_Assigned task_
Take every line from the data that has the word "upright" in it.

_Data for analysis_
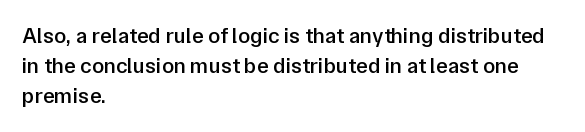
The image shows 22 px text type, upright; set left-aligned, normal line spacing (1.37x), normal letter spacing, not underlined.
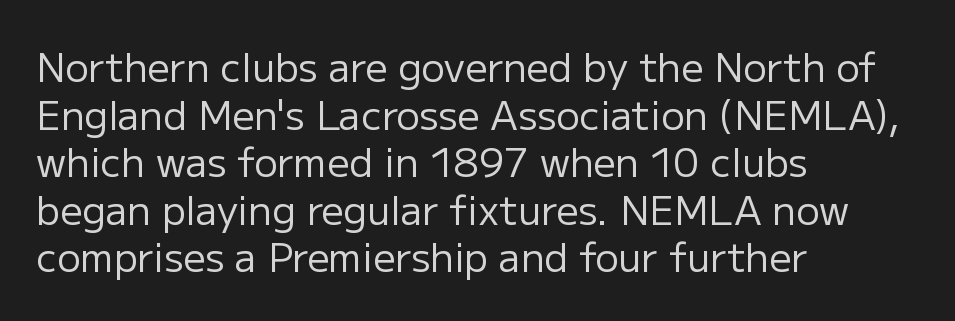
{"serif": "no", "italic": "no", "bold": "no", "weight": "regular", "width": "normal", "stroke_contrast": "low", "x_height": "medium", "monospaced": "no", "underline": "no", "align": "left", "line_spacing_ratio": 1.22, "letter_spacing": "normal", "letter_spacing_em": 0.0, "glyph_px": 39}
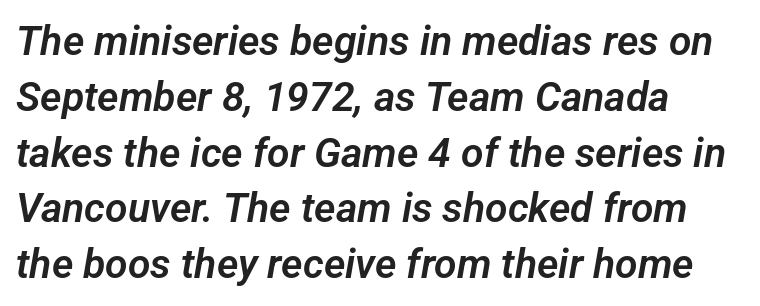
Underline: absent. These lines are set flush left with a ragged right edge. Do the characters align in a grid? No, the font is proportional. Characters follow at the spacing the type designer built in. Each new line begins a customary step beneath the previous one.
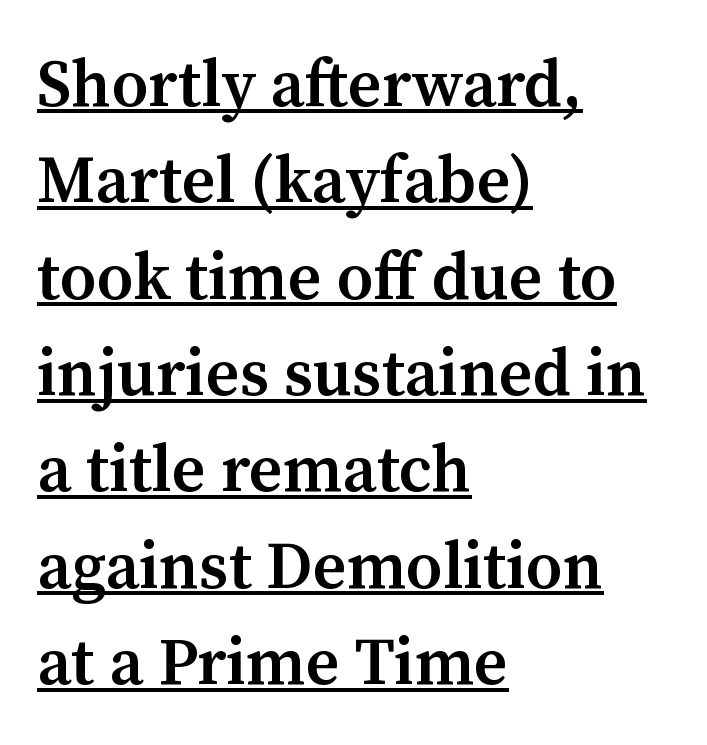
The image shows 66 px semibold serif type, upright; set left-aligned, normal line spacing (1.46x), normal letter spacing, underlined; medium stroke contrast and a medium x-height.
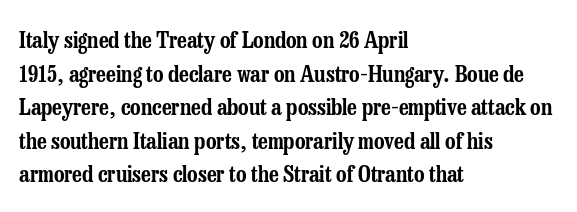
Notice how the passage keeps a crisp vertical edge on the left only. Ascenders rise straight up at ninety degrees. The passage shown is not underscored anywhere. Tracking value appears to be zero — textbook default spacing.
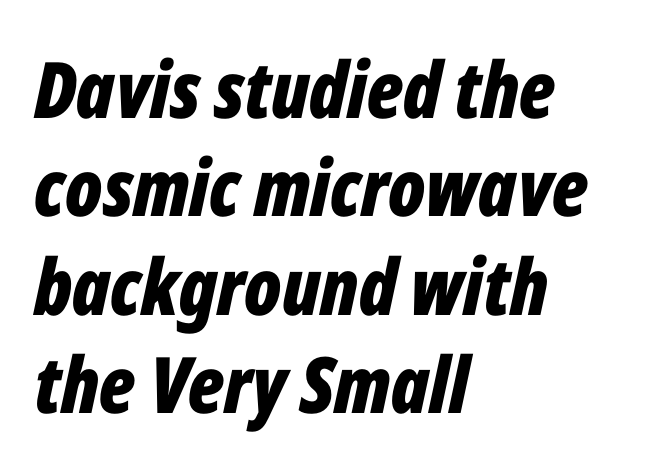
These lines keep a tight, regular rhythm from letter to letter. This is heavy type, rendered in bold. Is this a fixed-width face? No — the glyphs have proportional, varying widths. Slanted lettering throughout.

---

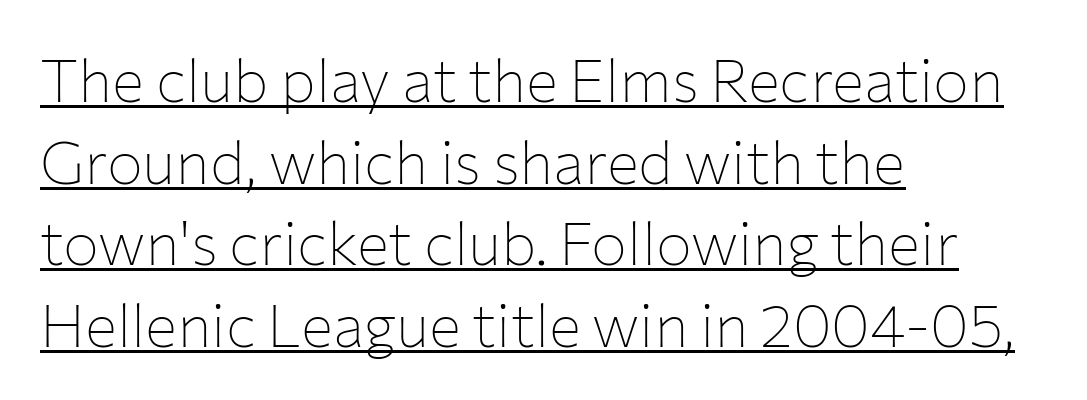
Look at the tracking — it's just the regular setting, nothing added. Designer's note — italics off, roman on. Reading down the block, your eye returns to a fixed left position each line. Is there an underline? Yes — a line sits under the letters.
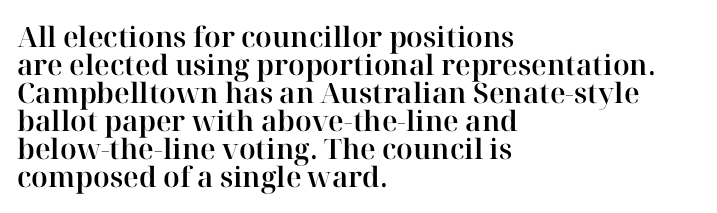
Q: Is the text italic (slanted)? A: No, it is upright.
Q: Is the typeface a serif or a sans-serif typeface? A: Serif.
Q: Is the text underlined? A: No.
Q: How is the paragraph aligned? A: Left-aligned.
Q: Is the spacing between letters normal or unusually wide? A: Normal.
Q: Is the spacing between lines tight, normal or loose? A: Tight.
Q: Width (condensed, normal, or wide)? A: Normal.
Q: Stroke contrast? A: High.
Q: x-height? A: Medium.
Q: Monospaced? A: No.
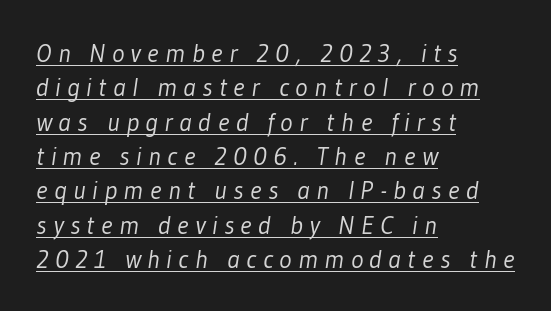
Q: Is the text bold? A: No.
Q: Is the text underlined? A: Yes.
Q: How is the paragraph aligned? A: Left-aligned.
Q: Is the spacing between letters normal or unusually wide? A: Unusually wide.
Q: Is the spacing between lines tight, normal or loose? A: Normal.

--

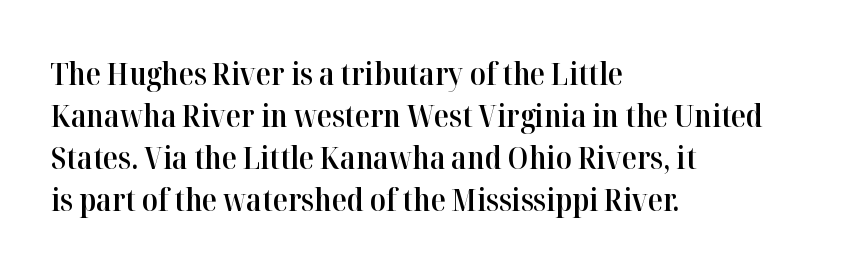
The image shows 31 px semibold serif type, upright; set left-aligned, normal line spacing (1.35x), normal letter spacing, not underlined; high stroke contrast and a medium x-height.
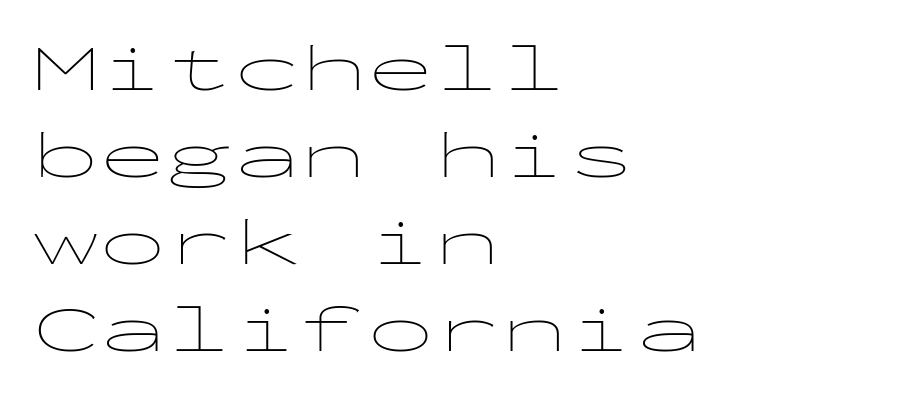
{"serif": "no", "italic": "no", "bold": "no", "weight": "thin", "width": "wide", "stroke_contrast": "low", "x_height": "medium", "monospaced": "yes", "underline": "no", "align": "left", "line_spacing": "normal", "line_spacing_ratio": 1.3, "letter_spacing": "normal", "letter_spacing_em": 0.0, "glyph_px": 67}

_Finished exercise_
The image shows 22 px text type, upright; set left-aligned, normal line spacing (1.37x), normal letter spacing, not underlined.
The image shows 66 px semibold serif type, upright; set left-aligned, normal line spacing (1.46x), normal letter spacing, underlined; medium stroke contrast and a medium x-height.
Q: Is the text italic (slanted)? A: No, it is upright.
The image shows 31 px semibold serif type, upright; set left-aligned, normal line spacing (1.35x), normal letter spacing, not underlined; high stroke contrast and a medium x-height.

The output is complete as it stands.